- Opening Delimiter -

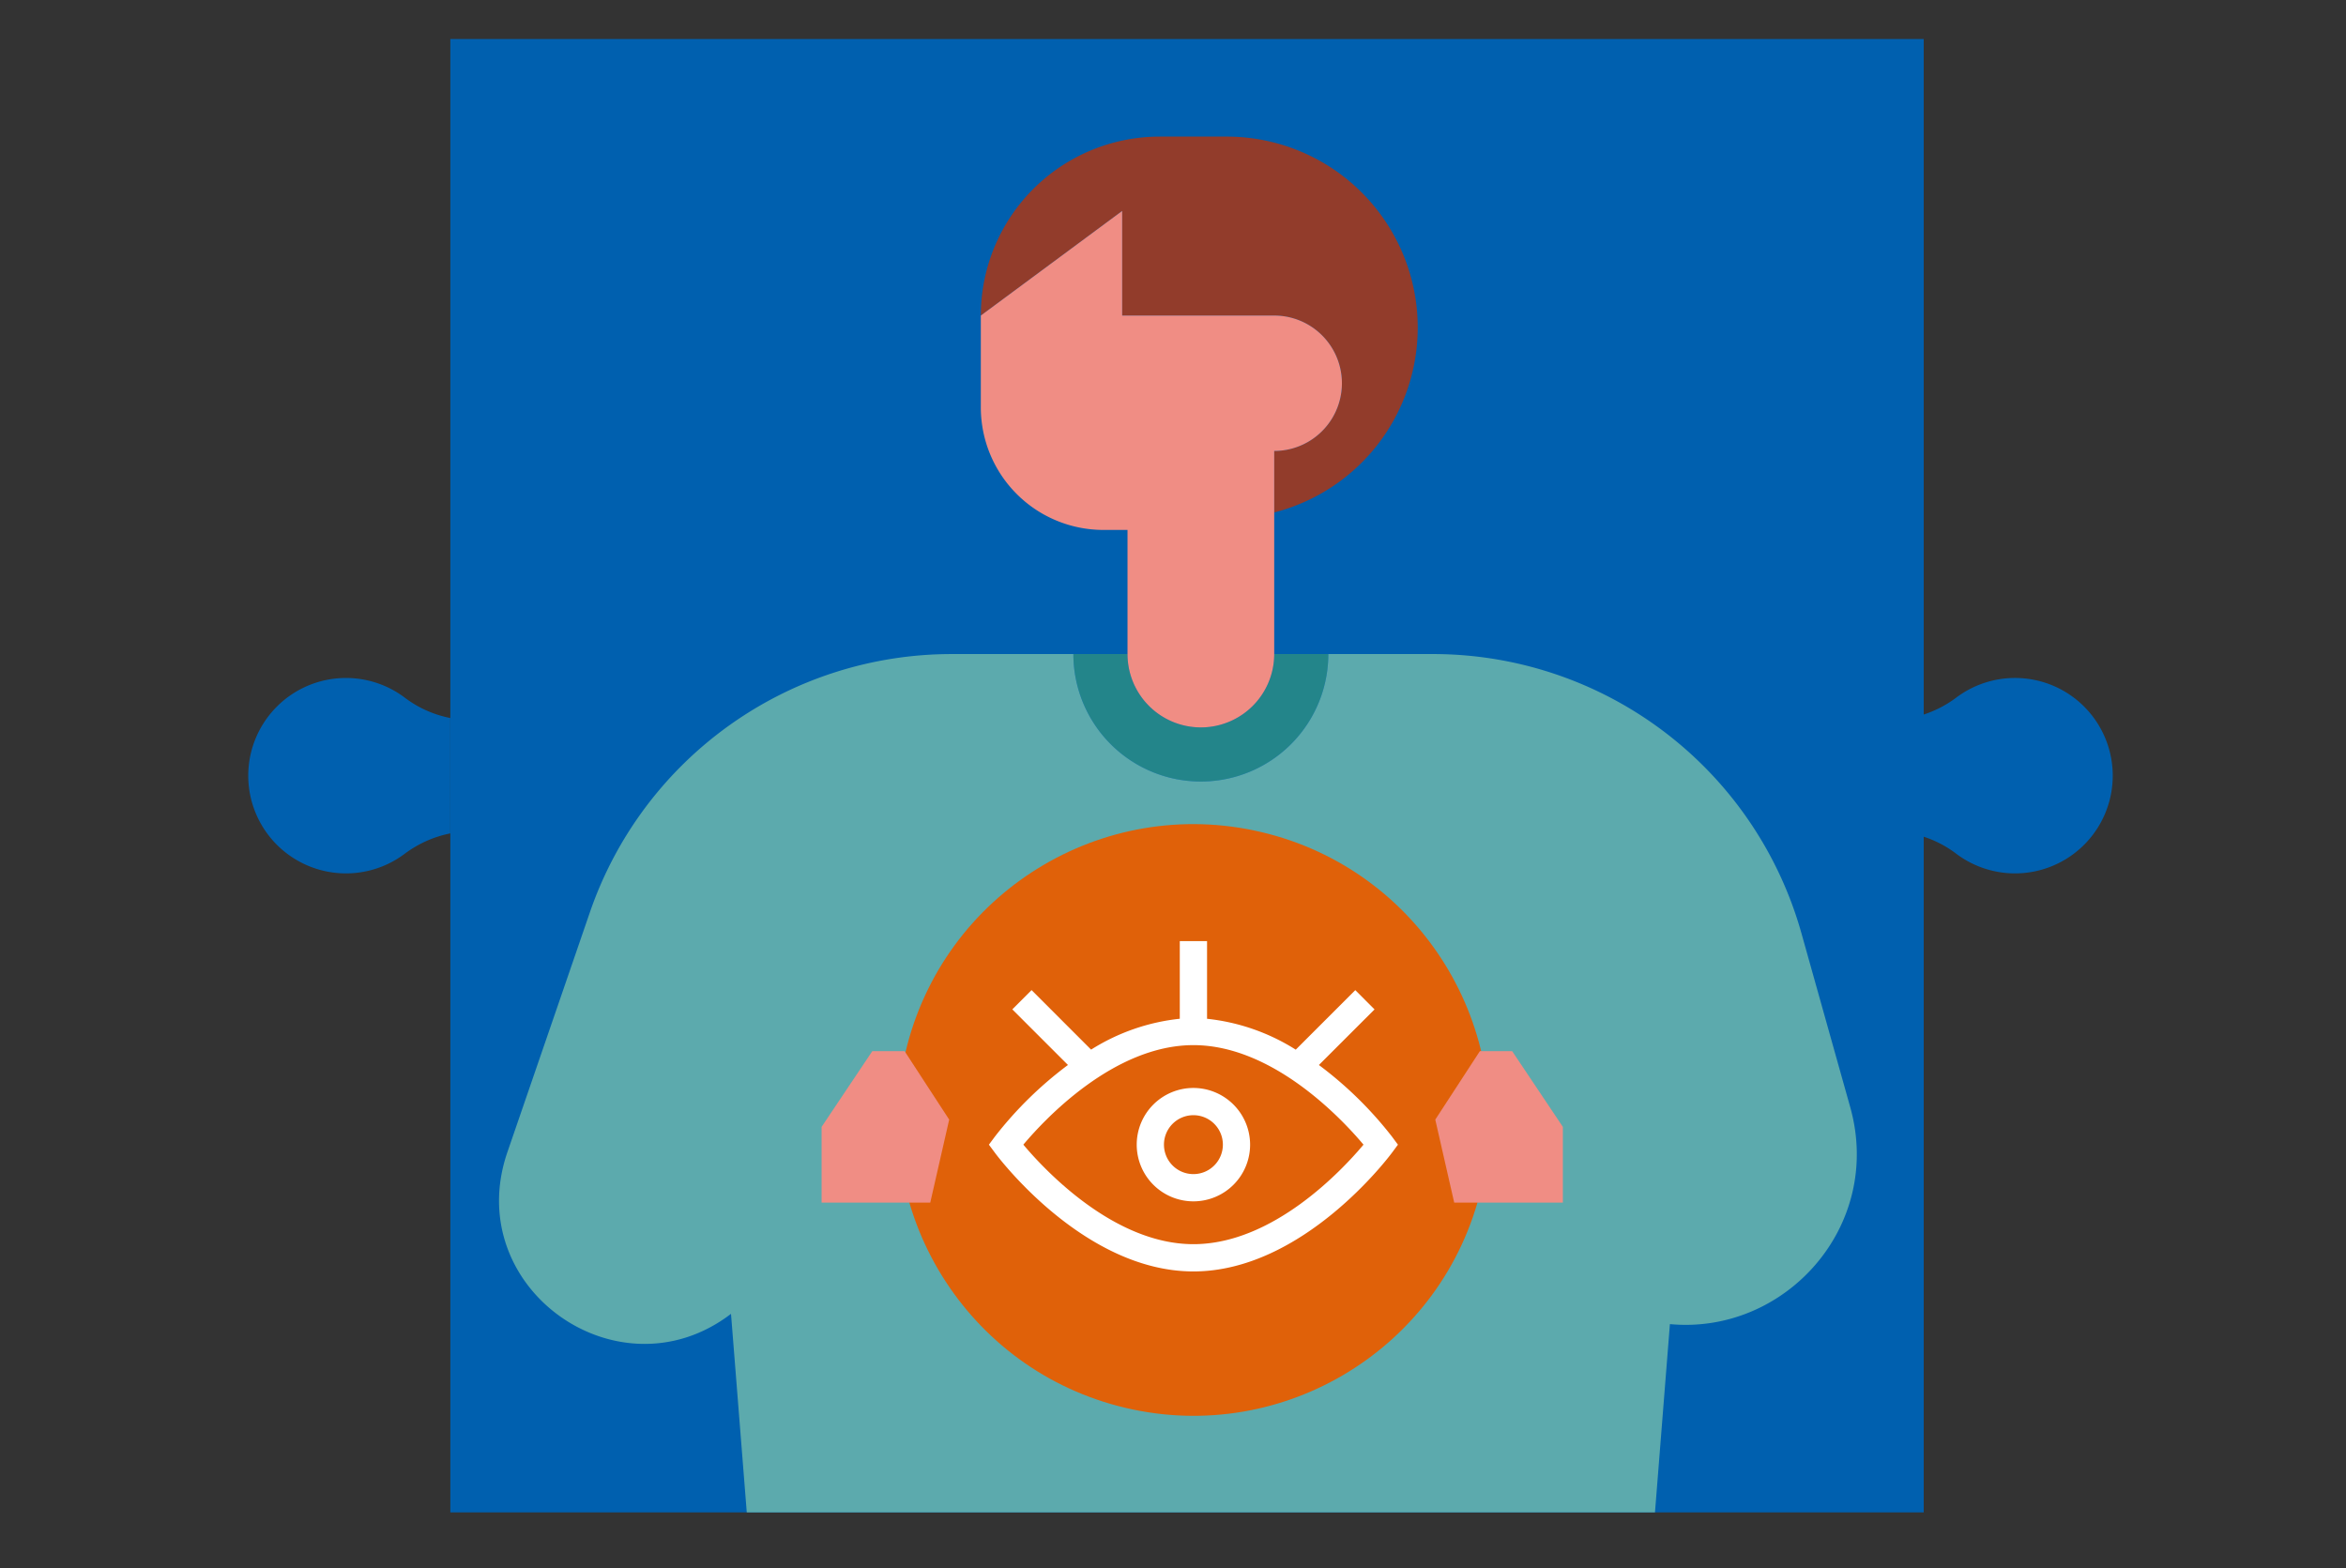 <?xml version="1.0" standalone="no"?>
<svg xmlns="http://www.w3.org/2000/svg" xmlns:xlink="http://www.w3.org/1999/xlink" width="540" height="361" viewBox="0 0 540 361">
  <rect x="0" y="0" width="540" height="361" fill="#333333" stroke="none"/>
  <defs>
    <clipPath id="clip-mod-_well_being-_take_notice">
      <rect width="540" height="361"/>
    </clipPath>
  </defs>
  <g id="mod-_well_being-_take_notice" data-name="mod- well being- take notice" clip-path="url(#clip-mod-_well_being-_take_notice)">
    <g id="Group_3022" data-name="Group 3022" transform="translate(-28.114 -85.282)">
      <g id="Group_3010" data-name="Group 3010" transform="translate(85.287 94.265)">
        <g id="Group_3007" data-name="Group 3007" transform="translate(0 147.091)">
          <path id="Path_2512" data-name="Path 2512" d="M131.771,169.869a25.986,25.986,0,0,0-10.438,4.641,22.492,22.492,0,1,1,.07-35.8,25.357,25.357,0,0,0,10.367,4.6Z" transform="translate(-85.287 -134.104)" fill="#0060af"/>
        </g>
        <g id="Group_3008" data-name="Group 3008" transform="translate(382.618 147.09)">
          <path id="Path_2513" data-name="Path 2513" d="M188.918,143.3a25.979,25.979,0,0,0,10.441-4.645,22.493,22.493,0,1,1-.074,35.8,25.363,25.363,0,0,0-10.367-4.6Z" transform="translate(-188.918 -134.104)" fill="#0060af"/>
        </g>
        <g id="Group_3009" data-name="Group 3009" transform="translate(46.483)">
          <rect id="Rectangle_603" data-name="Rectangle 603" width="339.146" height="339.146" fill="#0060af"/>
        </g>
      </g>
      <g id="Group_3015" data-name="Group 3015" transform="translate(253.88 116.724)">
        <g id="Group_3011" data-name="Group 3011">
          <path id="Path_2514" data-name="Path 2514" d="M187.539,100.348h-15.4a41.191,41.191,0,0,0-41.189,41.193h0l32.535-24.08v24.08h35a15.584,15.584,0,1,1,0,31.169v14.156a43.947,43.947,0,0,0,33.03-42.544h0A43.974,43.974,0,0,0,187.539,100.348Z" transform="translate(-130.95 -100.348)" fill="#923c2b"/>
        </g>
        <g id="Group_3014" data-name="Group 3014" transform="translate(0 17.113)">
          <g id="Group_3012" data-name="Group 3012" transform="translate(21.307 102.002)">
            <path id="Path_2515" data-name="Path 2515" d="M166.062,161.951A29.341,29.341,0,0,0,195.4,132.61H182.946a16.884,16.884,0,0,1-33.768,0H136.721A29.341,29.341,0,0,0,166.062,161.951Z" transform="translate(-136.721 -132.61)" fill="#23858a"/>
          </g>
          <g id="Group_3013" data-name="Group 3013">
            <path id="Path_2516" data-name="Path 2516" d="M198.483,129.063h-35v-24.08l-32.535,24.08h0v21.126a28.221,28.221,0,0,0,28.223,28.223h5.542v28.573h0a16.884,16.884,0,0,0,33.768,0h0V160.232a15.584,15.584,0,1,0,0-31.169Z" transform="translate(-130.95 -104.983)" fill="#f08d84"/>
          </g>
        </g>
      </g>
      <path id="Path_2517" data-name="Path 2517" d="M154.31,284.482l3.626,45.7H366.99l3.437-43.334c26.554,2.492,49.183-22.585,41.5-49.958L400.7,196.875A88.071,88.071,0,0,0,315.9,132.61H291.8a29.341,29.341,0,1,1-58.683,0h-28a88.07,88.07,0,0,0-83.283,59.425l-18.989,55.208C92.108,278.467,128.443,304.26,154.31,284.482Z" transform="translate(42.066 103.229)" fill="#5caaad"/>
      <g id="Group_3017" data-name="Group 3017" transform="translate(220.907 261.18)">
        <g id="Group_3016" data-name="Group 3016" transform="translate(0 0)">
          <circle id="Ellipse_106" data-name="Ellipse 106" cx="68.087" cy="68.087" r="68.087" transform="translate(0 132.53) rotate(-76.718)" fill="#e06109"/>
        </g>
        <path id="Path_2518" data-name="Path 2518" d="M207.411,179.03l12.808-12.8-4.431-4.434-13.705,13.7a47.614,47.614,0,0,0-20.417-7.107V150.505h-6.273v17.877a47.614,47.614,0,0,0-20.417,7.107l-13.7-13.7-4.434,4.434,12.808,12.8A87.516,87.516,0,0,0,132.841,195.5l-1.388,1.868,1.388,1.868c.823,1.111,20.558,27.311,45.69,27.311s44.863-26.2,45.69-27.311l1.385-1.868-1.385-1.868A87.6,87.6,0,0,0,207.411,179.03Zm-28.88,41.241c-18.35,0-34.3-17.135-39.151-22.906,4.855-5.775,20.8-22.91,39.151-22.91s34.3,17.139,39.148,22.91C212.842,203.14,196.925,220.271,178.531,220.271Z" transform="translate(-96.622 -109.775)" fill="#fff"/>
        <path id="Path_2519" data-name="Path 2519" d="M153.721,159.662a13.05,13.05,0,1,0,13.048,13.052A13.067,13.067,0,0,0,153.721,159.662Zm0,19.83a6.781,6.781,0,1,1,6.779-6.779A6.789,6.789,0,0,1,153.721,179.492Z" transform="translate(-71.812 -85.124)" fill="#fff"/>
      </g>
      <g id="Group_3019" data-name="Group 3019" transform="translate(217.229 327.246)">
        <g id="Group_3018" data-name="Group 3018">
          <path id="Path_2520" data-name="Path 2520" d="M132.695,157.367h7.432l10.264,15.757-4.358,19.112H121.023V174.8Z" transform="translate(-121.023 -157.367)" fill="#f08d84"/>
        </g>
      </g>
      <g id="Group_3021" data-name="Group 3021" transform="translate(358.486 327.246)">
        <g id="Group_3020" data-name="Group 3020">
          <path id="Path_2521" data-name="Path 2521" d="M176.978,157.367h-7.432l-10.264,15.757,4.358,19.112h25.009V174.8Z" transform="translate(-159.282 -157.367)" fill="#f08d84"/>
        </g>
      </g>
    </g>
  </g>
</svg>

- Closing Delimiter -

▶ **Work order**
In the entries above, copy each line that contains the string "rect".

▶ **Answer box**
  <rect x="0" y="0" width="540" height="361" fill="#333333" stroke="none"/>
      <rect width="540" height="361"/>
          <rect id="Rectangle_603" data-name="Rectangle 603" width="339.146" height="339.146" fill="#0060af"/>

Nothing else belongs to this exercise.